40 thoughts on “The Simple Life”

  1. N & J are lying scammers and terrible parents and neighbors. But that’s not what I find so appalling, since they are not the only lying, scamming people in this world. No. What truly boggles the mind is that there are people who are so stupid that they believe every word N & J post, even though there are dozens of other posts, as well as PICTURES, that contradict everything the N parents say. It’s not even just a lack of logical thinking, which would involve questioning what you read and researching to see whether something is true or not. Instead, it is the inability to believe a picture! Right in front of your eyes! Why don’t they stop by and visit the homestead, maybe stay a few days, maybe have their own kiddos haul some poop? Would they still consider it just a “simpler” way of life? We can even extrapolate this level of stupidity to our current political crisis. If only people would look with their own eyes, listen with their own ears and think with their own brains. OK. I’m done now. Thank you for listening.

  2. Ta, Beth. Great rant and I agree wholeheartedly.

    Spent part of my day watching Sassy Trump ( how had I missed him) videos and for some inexplicable reason it made me feel better. (Trump as overly dramatic queen makes more sense?) Give it a try. Humor improves so many horrible things and makes them more palatable.

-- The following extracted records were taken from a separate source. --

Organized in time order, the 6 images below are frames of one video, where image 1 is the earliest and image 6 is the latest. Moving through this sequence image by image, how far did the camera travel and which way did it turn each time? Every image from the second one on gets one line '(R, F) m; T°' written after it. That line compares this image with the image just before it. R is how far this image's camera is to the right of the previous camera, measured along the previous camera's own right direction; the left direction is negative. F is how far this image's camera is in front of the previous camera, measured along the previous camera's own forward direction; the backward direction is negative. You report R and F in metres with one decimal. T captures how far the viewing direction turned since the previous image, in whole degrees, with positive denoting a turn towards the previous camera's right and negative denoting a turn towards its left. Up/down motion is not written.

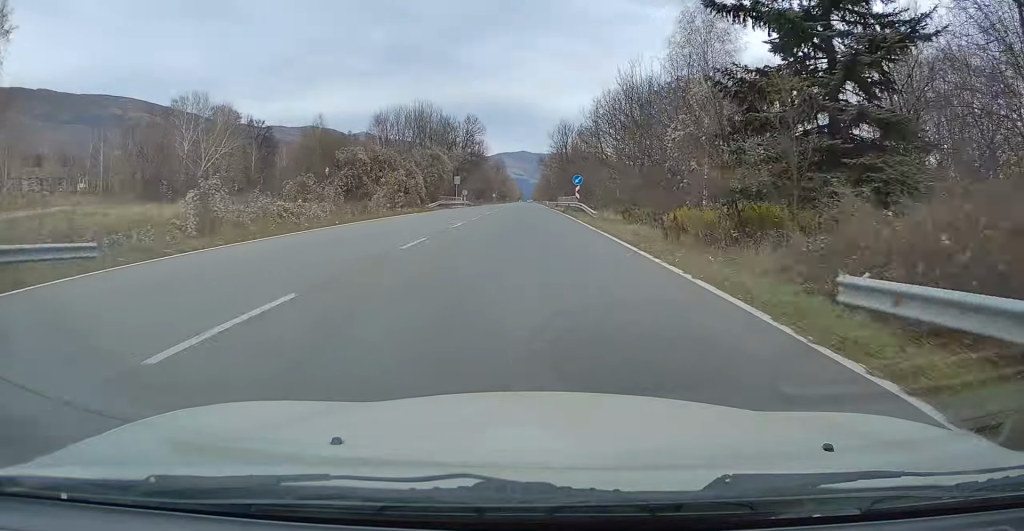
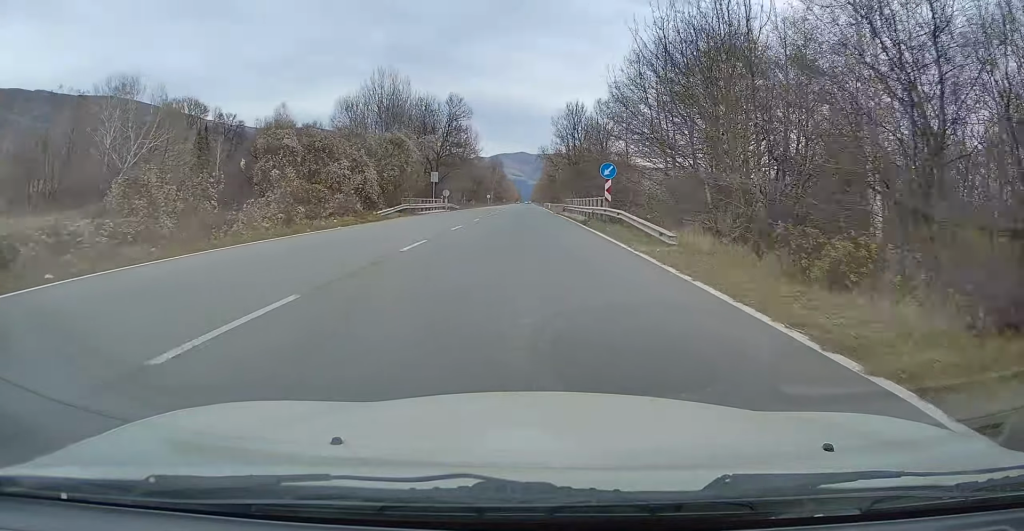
(+0.1, +18.7) m; -1°
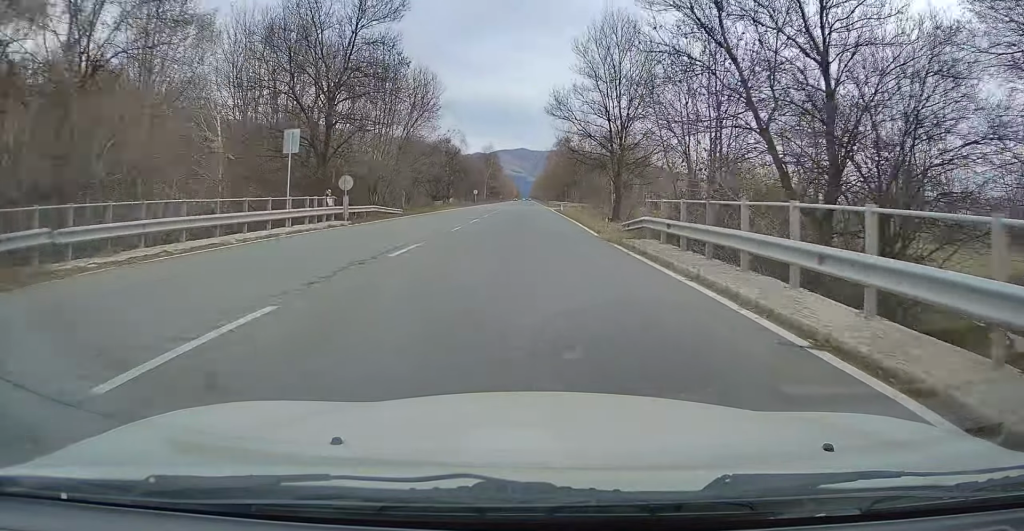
(-0.2, +38.1) m; 0°
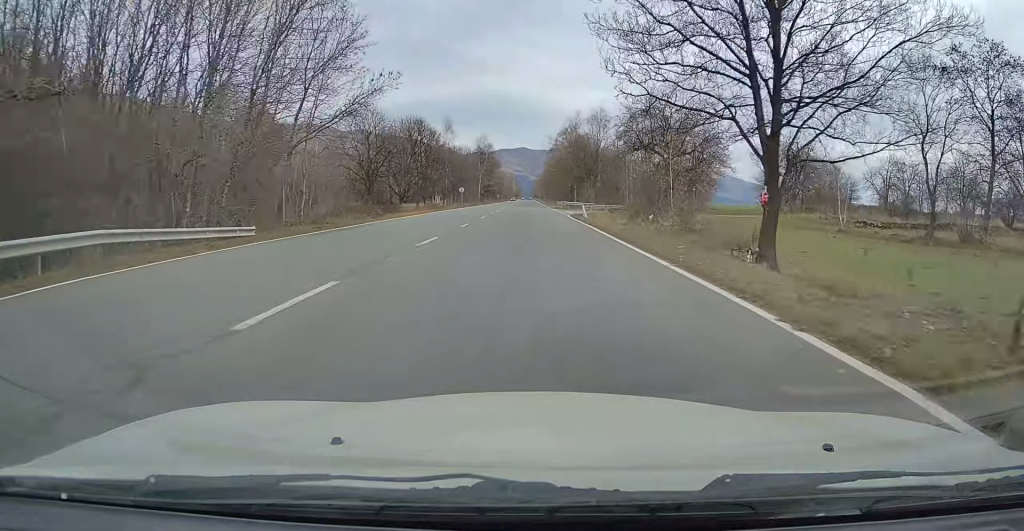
(0.0, +25.4) m; 0°
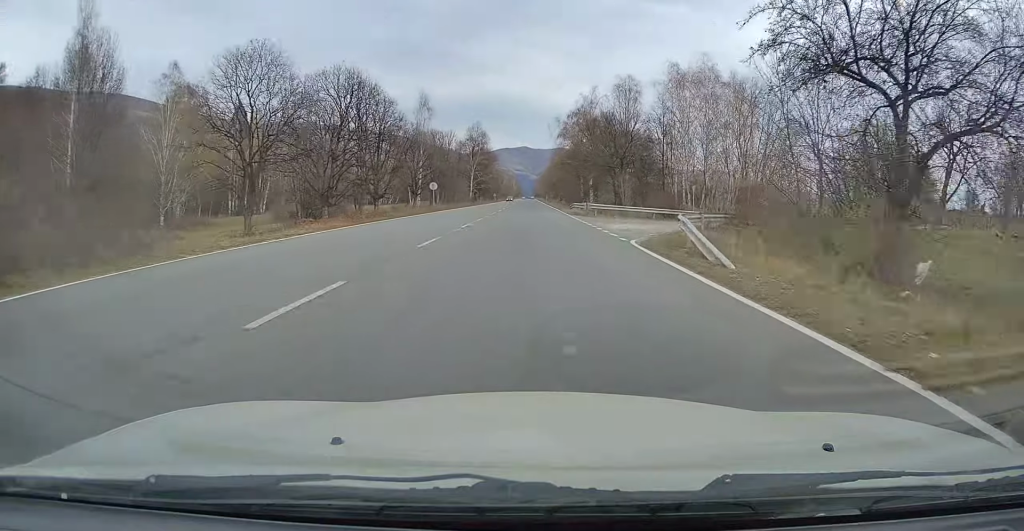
(0.0, +27.9) m; 0°
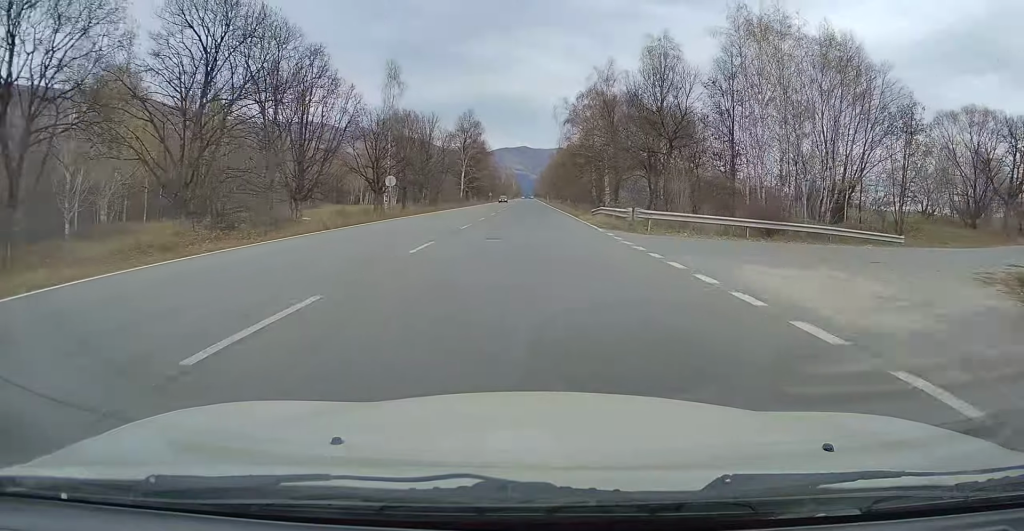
(+0.1, +19.4) m; 0°

  3. I do hope there are Prologues by Donny, April and Larisa.

    *Note: one of the aforementioned is actually a real life friend who has stood beside the Nauglers all along while two of them are random internet strangers who have surgically grafted themselves into the story by playing internet bulldog, likely while doing drugs.

  4. A correction needs to be made to chapter 9. Breastfeed baby in court in front of judge for maximum effect.

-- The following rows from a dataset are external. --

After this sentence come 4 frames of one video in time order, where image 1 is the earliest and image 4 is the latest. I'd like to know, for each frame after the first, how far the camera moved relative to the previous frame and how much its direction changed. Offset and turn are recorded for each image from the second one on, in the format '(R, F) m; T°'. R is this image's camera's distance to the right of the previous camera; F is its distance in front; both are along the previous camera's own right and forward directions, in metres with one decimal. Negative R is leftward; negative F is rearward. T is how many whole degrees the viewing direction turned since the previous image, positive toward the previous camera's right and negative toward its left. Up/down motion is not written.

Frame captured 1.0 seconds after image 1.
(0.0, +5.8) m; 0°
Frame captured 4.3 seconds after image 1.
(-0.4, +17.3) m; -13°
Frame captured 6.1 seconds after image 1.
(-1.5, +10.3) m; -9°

  5. Thank you very much, Sally. I just snorted Coke out through my nose reading that TOC. Owe but dead funny.

  6. Chapter 24: the erotic joys of man musk and how to grunt silently * foot notes include; if it feels too firm it’s probably the babies head your squeezing

  7. Me thinks ole’ Faith Loveland is just a sock account, likely run by Nicole, and almost certainly by someone who had administrative privileges on the BLH FB page.

    I say this because:
    1. I realize Nicole has some dedicated leghumpers over at the BLH, but the comment from Faith just seemed a little too choreographed.
    2. Hop on over to the profile for Faith Loveland. Not even a “scrubbed” profile is that clean and shows main header and profile images loaded so recently. It screams sock account. It screams, new.
    3. Go to Faith’s comment on the BLH page and hover your mouse over the only “like” on the comment. It’s by Faith herself. I think Nicole was just doing a little self stroking (with the Faith sock account), then meant to like”Faith’s” comment as the BLH page itself, not realizing she was still signed in as Faith. Make sense? (I think those of you with a FB Biz page understand what I mean and how that can happen)

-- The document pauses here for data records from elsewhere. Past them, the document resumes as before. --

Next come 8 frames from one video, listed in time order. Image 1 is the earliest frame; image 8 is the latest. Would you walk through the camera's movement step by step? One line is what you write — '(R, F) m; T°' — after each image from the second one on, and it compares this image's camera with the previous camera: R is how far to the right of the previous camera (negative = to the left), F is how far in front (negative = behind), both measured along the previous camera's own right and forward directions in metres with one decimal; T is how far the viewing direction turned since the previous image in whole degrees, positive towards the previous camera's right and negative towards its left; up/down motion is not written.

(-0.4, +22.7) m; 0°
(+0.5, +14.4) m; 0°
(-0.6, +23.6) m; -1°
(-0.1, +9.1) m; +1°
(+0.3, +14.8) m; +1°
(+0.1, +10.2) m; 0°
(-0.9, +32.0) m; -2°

    Sally, I sent you a shot of the comment illustrating what I am talking about.

    It also bears noting that the name on the account is reminiscent of a couple of acronyms I’ve seen used online pertaining to what was referred to as a homesteaders “creed”. FFLL (Faith, Family, Love, and Land) and FLL (Faith, Love, and Land).

    Just thinking out loud.

  8. Oh my god!! Sally this has got to be one my favorites blogs of yours so far. My son heard me laughing out loud and asked me if I was on SnapChat. 😉

  9. I agree, MyOhMy. Faith appears as a lost in distress. Faith’s page certainly appears to be a sock, created fairly recently. How did that sock find it’s way on BLH page, as lost as Faith plays in her commentary.

    “That helps parents raised in this techno-crazy world learn how to provide a lifestyle for their children that can happily and fully be lived right on their own land without feeling like they need to GO anywhere or have some electronic device to keep them occupied.”

    Faith, Nicole also may want to educate self on that site, link or book. Between social media sites, facebook pages, youtube channels, blogs. There is not much time left in the day, when she isn’t occupied on an electronic device called her iPhone. I know, that’s how to keep the kids off the electronic device, hog it. Easy peasy. Or discipline the kids with a “do as I say, and not as I do.”

    There was a photo last year, from clean up day. One of the news media was invited to capture the day in photographs. That one, Joe in the background. Head dropped down, gazing at his phone. Nicole sitting in the foreground. I think on a white bucket. Face barely visible, head dropped down too. Scrolling her phone. If you get my drift. Go take a look, Faith, see for yourself.

    Silly Sock…

  10. Yep. Faith Loveland “liked” both of her own comments! I think NicNog forgot to sign out as Faith and sign back in as BLH! What an idiot. But without this slight faux pas, Sally would have been without such great inspiration for this post. It definitely made my night!

  11. Things I hate:

    1) People who view their children as possessions and not people in their own right that they are charged with caring for and guiding to adulthood.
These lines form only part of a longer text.